If you need stronger than best-effort under churn, make your handler idempotent and dedup on Fence. That turns the contract into at-least-once with an idempotent sink, which is the usual way to run jobs safely on an AP system.

Fire time is wall-clock ("cluster-time"). Nodes do not share a clock, so a reminder can fire slightly early or late by the same skew bound that governs membership. It is right for "around 09:00", not for hard real-time deadlines.

Durability model

"Durable" means replicated AND persisted to disk. A reminder survives the death of the node that armed it because every node holds a replica, so a survivor takes over and fires it. It also survives a full-cluster restart: each node writes its reminder store to disk (a write-ahead log plus periodic snapshots under reminder_data_dir, default data/reminders) and recovers it on boot, after which the cluster re-converges. A remind/cancel is flushed to disk before the call returns, so an acknowledged reminder survives a crash of its node as long as that node's disk does. On recovery the local HLC is advanced past every persisted timestamp, and fire/cancel tombstones are persisted too, so a fired reminder is never re-fired after a restart.

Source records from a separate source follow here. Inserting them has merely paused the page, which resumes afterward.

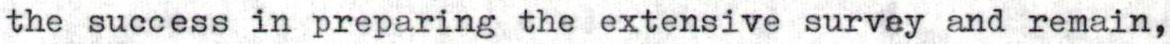
the success in preparing the extensive survey and remain,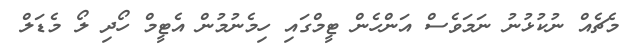
މެޗެއް ނުކުޅުނު ނަމަވެސް އަންހެން ޓީމްގައި ހިމެނުމުން އެޓީމް ހޯދި ލޯ މެޑަލް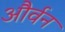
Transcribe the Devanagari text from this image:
और्वन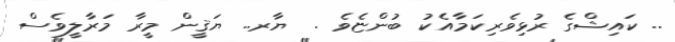
.. ކައިޝްގެ ރުޅިވެރިކަމާއެކު ބުންޏެވެ .  ޔާރ.. ޔަޤީން މީރާ މަރާލީވެސް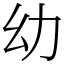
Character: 幼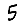
Digit: 5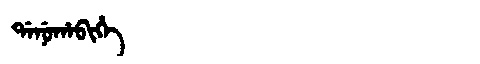
Manchu: ᡩᠠᠨᡠᡥᠠᠪᡳᡥᡝ
Romanization: DANUHABIHE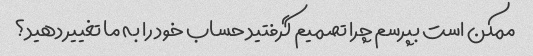
ممکن است بپرسم چرا تصمیم گرفتید حساب خود را به ما تغییر دهید؟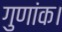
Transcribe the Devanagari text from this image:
गुणांक।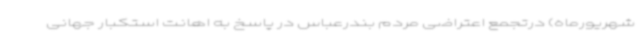
شهریورماه) درتجمع اعتراضی مردم بندرعباس در پاسخ به اهانت استکبار جهانی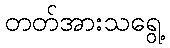
တတ်အားသရွေ့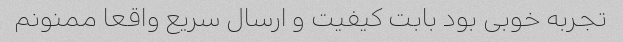
تجربه خوبی بود بابت کیفیت و ارسال سریع واقعا ممنونم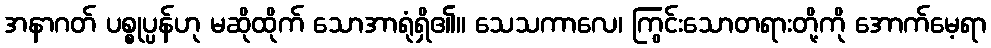
အနာဂတ် ပစ္စုပ္ပန်ဟု မဆိုထိုက် သောအာရုံရှိ၏။ သေသကာလေ၊ ကြွင်းသောတရားတို့ကို အောက်မေ့ရာ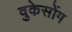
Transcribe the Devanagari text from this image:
वुकेसोंग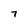
Character: 7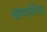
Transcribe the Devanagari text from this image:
खपलीचा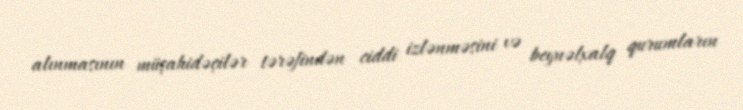
alınmasının müşahidəçilər tərəfindən ciddi izlənməsini və beynəlxalq qurumların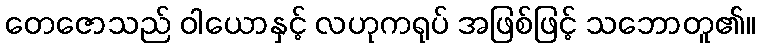
တေဇောသည် ဝါယောနှင့် လဟုကရုပ် အဖြစ်ဖြင့် သဘောတူ၏။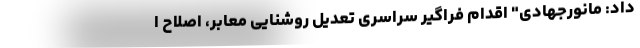
داد: مانورجهادی" اقدام فراگیر سراسری تعدیل روشنایی معابر، اصلاح ا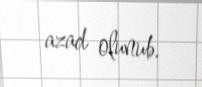
azad olunub.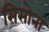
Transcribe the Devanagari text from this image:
सिसोना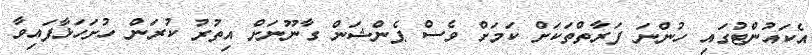
އެކައުންޓުގައި ހުންނަ ފަރާތްތަކަށް ކަމަށް ވެސް ޕެންޝަން ގާނޫނަށް އިތުރު ކުރަން ހުށަހަޅާފައިވާ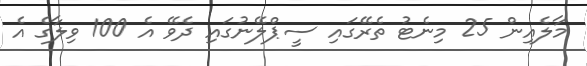
މާލެއިން 25 މިނެޓު ތެރޭގައި ސީޕްލޭނުގައި ދެވޭ އެ 100 ވިލާގެ އެ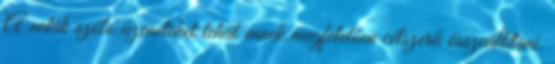
A nekik szóló üzeneteket tehát ennek megfelelően célszerű összeállítani.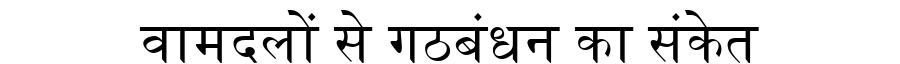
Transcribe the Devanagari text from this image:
वामदलों से गठबंधन का संकेत

The reminder store also reconverges after a partition heals via periodic anti-entropy (a background full-sync pull every replica_anti_entropy_ms, default 30s), so a reminder reaches every node even if some link survived the split without a fresh connection event.

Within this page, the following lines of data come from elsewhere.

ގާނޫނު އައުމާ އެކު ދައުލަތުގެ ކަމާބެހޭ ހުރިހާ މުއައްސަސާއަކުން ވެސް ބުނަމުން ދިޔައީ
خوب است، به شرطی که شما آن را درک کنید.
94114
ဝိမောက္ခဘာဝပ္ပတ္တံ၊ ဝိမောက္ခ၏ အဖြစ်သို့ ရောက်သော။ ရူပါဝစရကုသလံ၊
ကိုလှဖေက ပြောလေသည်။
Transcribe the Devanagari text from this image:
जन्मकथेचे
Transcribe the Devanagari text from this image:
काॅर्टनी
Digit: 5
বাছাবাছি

The payload must be restart-safe data: a self-contained value, not a pid, port, ref, or fun. This already holds without persistence, because a reminder is delivered on whichever node owns the key at fire time, not where it was set, so a live local reference is already meaningless cross-node. Persistence extends that to "after a restart": a pid/ref/fun reloaded from disk points at something that no longer exists. Pass an id or descriptor the handler resolves locally.

Give each node its own reminder_data_dir. A write made on a non-owning node and not yet snapshotted there can be lost if that node dies abruptly, but the node that set it flushed it, so no acknowledged reminder is lost cluster-wide.

Fire and cancel both leave a tombstone in the replicated store. A periodic sweep drops tombstones older than reminder_tombstone_ttl_ms (default one hour) so the store stays bounded. The horizon must comfortably exceed gossip propagation plus the membership lease, so a delayed add can never out-live the tombstone that cancelled it; the only way to defeat that is a partition longer than the horizon replaying an add older than a dropped tombstone, which would spuriously re-create the reminder.

Setting and cancelling

%% Fire at an absolute wall-clock instant (ms).
barrel_p2p:remind(Key, FireAtMs, Payload).

%% Fire DelayMs from now (converted to an absolute target so all
%% nodes agree).
barrel_p2p:remind_after(Key, DelayMs, Payload).

%% Cancel cluster-wide.
barrel_p2p:cancel_reminder(Key).

Re-setting an existing Key replaces it with a fresh version, which invalidates any timer already armed for the old one.

Receiving

Subscribe on every node where the handler could run, since you do not know in advance which node will own the key at fire time. The reminder fires on the current owner and is delivered to that node's subscribers, so the work runs there:

init(_) ->
    ok = barrel_p2p:subscribe_reminders(),
    {ok, #{}}.

handle_info({barrel_p2p_reminder, Key, Payload, Fence}, S) ->
    case already_done(Fence) of
        true  -> {noreply, S};                 %% idempotent dedup
        false -> {noreply, run(Key, Payload, Fence, S)}
    end.

Configuration

KeyDefaultMeaning
reminder_scan_ms1000Safety sweep that re-arms owned reminders missed, and re-arms far-future ones as they near.
reminder_tombstone_ttl_ms3600000Drop fire/cancel tombstones older than this. Must exceed gossip propagation plus member_ttl_ms.
reminder_data_dirdata/remindersPer-node directory for the on-disk store (WAL + snapshot).

Reminders also depend on the placement settings (ring_size and the lease timings); see sharded placement.